In Europe, Y-DNA H1a1 is found at only trace levels and only in populations that historically probably had contact with the Romani people. In non-Romani European samples, Y-DNA H1a1 was found in 1 in 92 Ukrainian men in a 2009 study, in 1 of 113 Serbian men in a 2005 study (but none among 141 Herzegovians in the same study), and in 2 of 57 Macedonian Greeks in a 2008 study. In the same 2009 study as the Ukrainian men, it found no Y-H1a1 in 92 Greeks, 55 Albanians, 324 Bozniaks, 75 Slovenians, 67 Northeastern Italians, 53 Hungarians, 75 Czechs, and 99 Poles.
Y-DNA H2 (aka H-P96, formerly known as H* and F3) is less familiar and has a very different distribution. It is found in Western Europe in France, Switzerland, Germany, and the Netherlands, and also among Armenians, in Iran and in India.
The Supplemental Materials state with regard to Y-DNA H2 after clarifying the history of this label and identifying the loci used to make the classification that:
While only a few H2 individuals have ever been found, the haplogroup appears to have a west Eurasian distribution; with a low level Middle Eastern presence in modern-day Iran, Turkey, Bahrain, Kuwait and Qatar (Family Tree DNA), as well as minor occurrences in modern-day England, France, Sardinia, Sweden and the Netherlands (Family Tree DNA). H2 also seems to occur at low frequencies in Neolithic sample.** Citing for that sentence Haak W, Lazaridis I, Patterson N, Rohland N, Mallick S, Llamas B, et al. Massive migration from the steppe was a source for Indo-European languages in Europe. Nature. 2015; doi:10.1038/nature14317
This is suggestive of the couple of possibilities. One is that Y-DNA H2 could have been a Cardial Pottery minor component that spread from Iberia to the megalithic first wave farmers further to the North as well.
Perhaps as few as just one Y-DNA H2 could have made his was from Southwestern Anatolia (once home to Armenians) who had ancestors who made it there from Iran, and then migrated further to wind up in the Cardial Pottery founding population, without leaving descendants whose descendants survived to the present along the way.
It would be interesting to see if there is any Y-DNA H2 in Tuscany where the Etruscans had their non-Indo-European civilization.
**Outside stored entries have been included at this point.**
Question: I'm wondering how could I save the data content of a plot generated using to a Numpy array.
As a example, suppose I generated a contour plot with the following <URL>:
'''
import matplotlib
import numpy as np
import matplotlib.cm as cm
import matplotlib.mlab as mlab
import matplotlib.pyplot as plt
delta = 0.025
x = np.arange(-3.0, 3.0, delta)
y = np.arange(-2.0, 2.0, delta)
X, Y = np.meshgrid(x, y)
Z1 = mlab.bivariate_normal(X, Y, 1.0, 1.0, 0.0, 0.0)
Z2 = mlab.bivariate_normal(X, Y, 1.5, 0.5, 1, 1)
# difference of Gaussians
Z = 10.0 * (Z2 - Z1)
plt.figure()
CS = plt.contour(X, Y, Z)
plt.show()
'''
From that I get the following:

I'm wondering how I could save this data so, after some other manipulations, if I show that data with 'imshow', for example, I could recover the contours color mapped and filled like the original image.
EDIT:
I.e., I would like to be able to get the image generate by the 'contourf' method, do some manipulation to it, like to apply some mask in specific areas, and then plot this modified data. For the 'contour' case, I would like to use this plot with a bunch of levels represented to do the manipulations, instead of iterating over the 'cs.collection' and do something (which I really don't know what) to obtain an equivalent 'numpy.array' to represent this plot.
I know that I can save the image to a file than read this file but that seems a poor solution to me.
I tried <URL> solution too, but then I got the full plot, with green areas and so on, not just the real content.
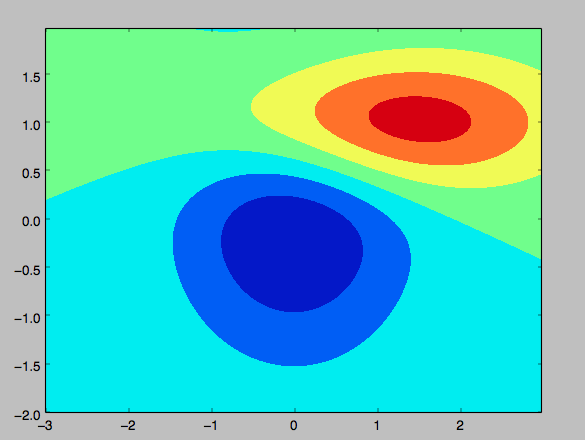
Answer: For recent versions of matplotlib, you can use 'pickle' to save the whole plot or just selected pieces, and even show the plot again from the pickled data:
'''
import numpy as np
import matplotlib.mlab as mlab
import matplotlib.pyplot as plt
import pickle
if 0: # to generate the file
delta = 0.025
x = np.arange(-3.0, 3.0, delta)
y = np.arange(-2.0, 2.0, delta)
X, Y = np.meshgrid(x, y)
Z1 = mlab.bivariate_normal(X, Y, 1.0, 1.0, 0.0, 0.0)
Z2 = mlab.bivariate_normal(X, Y, 1.5, 0.5, 1, 1)
Z = 10.0 * (Z2 - Z1)
ax = plt.subplot(111)
CS = ax.contourf(X, Y, Z)
pickle.dump(ax, open("mpl_test.pkl", "w"))
pickle.dump(CS, open("contours.pkl", "w"))
else: # Then at a later time...
x0 = pickle.load(open("mpl_test.pkl", "r"))
x1 = pickle.load(open("contours.pkl", "r"))
v = x1.collections[0].get_paths()[0].vertices # get the vertices of the contour
x, y = v[:,0]+.2, v[:,1]+.1 # shift the contour
x0.plot(x, y, 'w', linewidth=3) # add it to the plot as a white line
'''
The example above first pickles the contour plot with the 'if' clause, and then, at a latter time, using the 'else' part. It then takes one of the contours and shifts it and replots it as a white line.
That is, this figure and modified contour are drawn completely from the reloaded pickled figure.

Contours, are <URL>.
Pickling mpl items is a bit new and not fully documented or reliable, but is a useful feature.
:
On the other hand, maybe what you really want is something like an IPython Notebook! There, the whole history of your computations is available, viewable, and runnable. Rather than storing the data, it allows you to easily re-access, modify what you did before, etc. It's very powerful. Here are a few links and examples: <URL>.

Given the dates of the Y-DNA H2 individual of 2,849-2,628 BCE, the pre-Bell Beaker archaeological context, and the location of the remains, any theory that the H2 was associate with Bell Beaker origins has to dramatically less likely. The oldest Bell Beaker wares in Iberia are from ca. 2900 BCE, and the Bell Beaker culture reached Northwest Iberia much later than that. In principle, a single man could have made this way from Southwestern Iberia to Northwestern Iberia and been incorporated into this community of pre-Bell Beaker Cardial Pottery farmers, but that does not seem very likely, and if Y-DNA H2 had more than a trace presence in a population that was a source of the Y-DNA R1b expansion in Western Europe, Y-DNA H2 would probably be much more common in Europe today than it is in fact, unless there were only one or two individuals with Y-DNA H2 in the entire founding population of the group that caused Y-DNA R1b to expand in Western Europe.